How Can the Beverage Industry Enhance Water Reclaim & Reuse?

September 20, 2018

Sustainability Leaders Discuss Barriers Blocking the Way

 

Dwindling water quality. Increasing water scarcity. Lack of water access. These days, if there’s one thing in full supply in the world, it’s water-related challenges.
 
But solutions to these challenges do exist—and others are in the making. Solutions, however, often come with their own set of barriers. One such quandary is water reclaim and reuse—particularly in the beverage sector.
 
For more than a decade, the Beverage Industry Environmental Roundtable (BIER)—a consortium of leading beverage companies from around the globe—has made sustainable water use and protectiona foundational priority. This year, we established a new technical working group centered on technology, and the first focus area is water reclaim and water reuse.
 
Recently, several of the Technology Working Group members got together for a Q&A session to share their unique perspectives on the water reclaim and reuse challenges inside and outside the beverage sector. Those members include: Julio Torruella of Bacardi Limited, Danielle Kohler of Pernod Ricard, and Michael Wilson of Diageo.
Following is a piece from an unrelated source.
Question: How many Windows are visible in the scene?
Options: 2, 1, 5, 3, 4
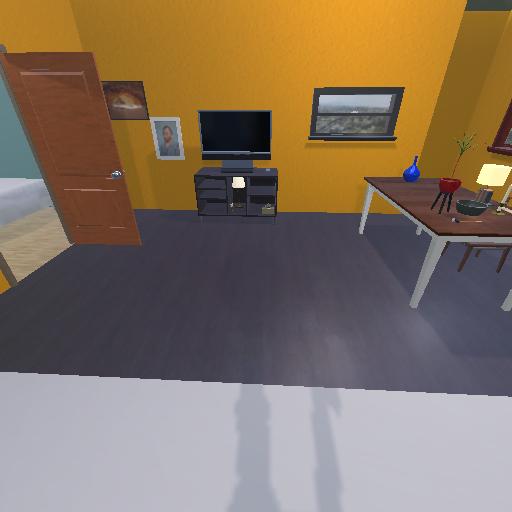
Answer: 2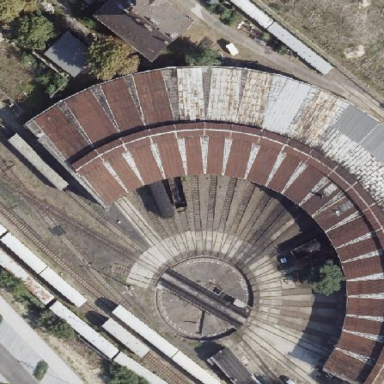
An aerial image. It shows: Building that serves as roundhouse for the railway.

Below we share their insights

 Technology Isn’t (Necessarily) the Problem


Q: From your perspective, do you think the right water reclaim and reuse technology exists and is readily available to companies?
 
Julio Torruella (Bacardi Limited): There are several techniques and technologies available—filtration, reverse osmosis, and evaporation, for example, but many are very energy intensive. In Bacardi’s experience, there is no “silver bullet” technology that serves as the perfect answer for spirits producers. Instead, it’s dependent on effluent characteristics, facility size, processes, energy consumption, scale, and so on. Legacy operations with very old facilities can make it difficult to determine which technology should be implemented—especially if they have limited streams segregation. In addition, differences in processes require varying levels of effluent treatment depending on the type of spirits that are produced.
 
Danielle Kohler (Pernod Ricard): Yes. From a technical point of view, many reuse technologies exist to enable us to maintain and/or improve water quality. In my opinion, it’s not typically a technology issue. It is more a question of being able to do it in a cost-effective manner and in a way that will not alter internal and consumer perceptions, marketing, and understanding. When using spring water from a given area is part of your story telling, for instance, it can be quite complicated to consider water reuse or reclaim!
 
Michael Wilson (Diageo): This is all true. An additional consideration, perhaps, is that as water recovery and reuse technologies become more widely used, the extent of the investment should decrease. Costs should lessen, and technologies and solutions will be more competitive. And as interest and application of recovery becomes more widely used this will stimulate more innovation and advances in water recovery technologies. 

 

At the recent BIER meeting in Copenhagen, two suppliers demonstrated some recent innovations in water recovery technologies. One example from Singapore effectively demonstrated what’s possible with advances in water recovery and reuse facilities operating at a significantly reduced footprint, ~75% less, using these new and emerging technologies. Suppliers are adapting to the needs of society and they’re developing more advanced recovery systems that are becoming more available as their use increases.